—Mon Dieu!... s'écria-t-elle, que c'est donc amusant de voir cette chère duchesse et cet excellent M. Philippe s'occuper de politique!...

Et tout de suite, avec cette volubilité fiévreuse des gens qui redoutent les trahisons du silence, elle se mit à parler des événements dont Paris était le théâtre.

Elle en pouvait parler pertinemment, disait-elle, ayant reçu le matin même une lettre de son mari.

Le duc de Maumussy ne lui dissimulait pas qu'il était mécontent, sinon inquiet, de la tournure des choses. Selon lui, le gouvernement impérial s'engageait dans une voie sans issue. L'empereur fermait l'oreille aux conseils de ses anciens amis, pour écouter des charlatans politiques sans portée. L'influence de l'impératrice amenait au pouvoir des hommes d'une maladresse si incroyable qu'elle avait un faux air de trahison.

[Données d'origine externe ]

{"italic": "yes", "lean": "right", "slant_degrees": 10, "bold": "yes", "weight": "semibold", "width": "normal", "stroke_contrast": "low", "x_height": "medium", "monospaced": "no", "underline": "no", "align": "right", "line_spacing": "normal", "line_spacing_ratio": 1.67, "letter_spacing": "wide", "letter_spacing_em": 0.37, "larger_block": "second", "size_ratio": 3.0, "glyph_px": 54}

—Je m'étais trompé, pensait Raymond, cette femme n'a pas été envoyée par mes ennemis... Si elle savait qui je suis et quel est mon passé, elle ne parlerait pas ainsi devant moi...

Quoi qu'il en fût, ce ne devait pas, ce ne pouvait pas être un intérêt médiocre, qui arrachait ainsi la duchesse de Maumussy à ses habitudes de silencieuse torpeur.

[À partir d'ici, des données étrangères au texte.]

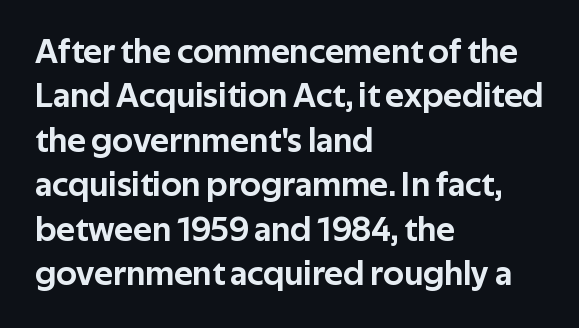
The glyphs in this specimen are sans serif. You can tell it's not italic because the verticals are truly vertical. Proportional: the letters do not fall into vertical columns. Compared with typical paragraphs, the rows here are spaced about the same.

Car c'en était fait de sa nonchalance hautaine. Tout son être vibrait.

Le buste rejeté en arrière, la joue ardente, les narines gonflées, le sein haletant, elle parlait, d'une voix brève et saccadée qui ne souffrait ni réplique ni contradiction.

Et il fallait entendre les commentaires dont elle accompagnait la lettre de son mari et de quels sarcasmes elle cinglait ce mari et ses amis, et les hommes au pouvoir, et les ministres, et la cour, et l'impératrice et l'empereur!

—Tudieu! quelle commère! pensait M. de Boursonne.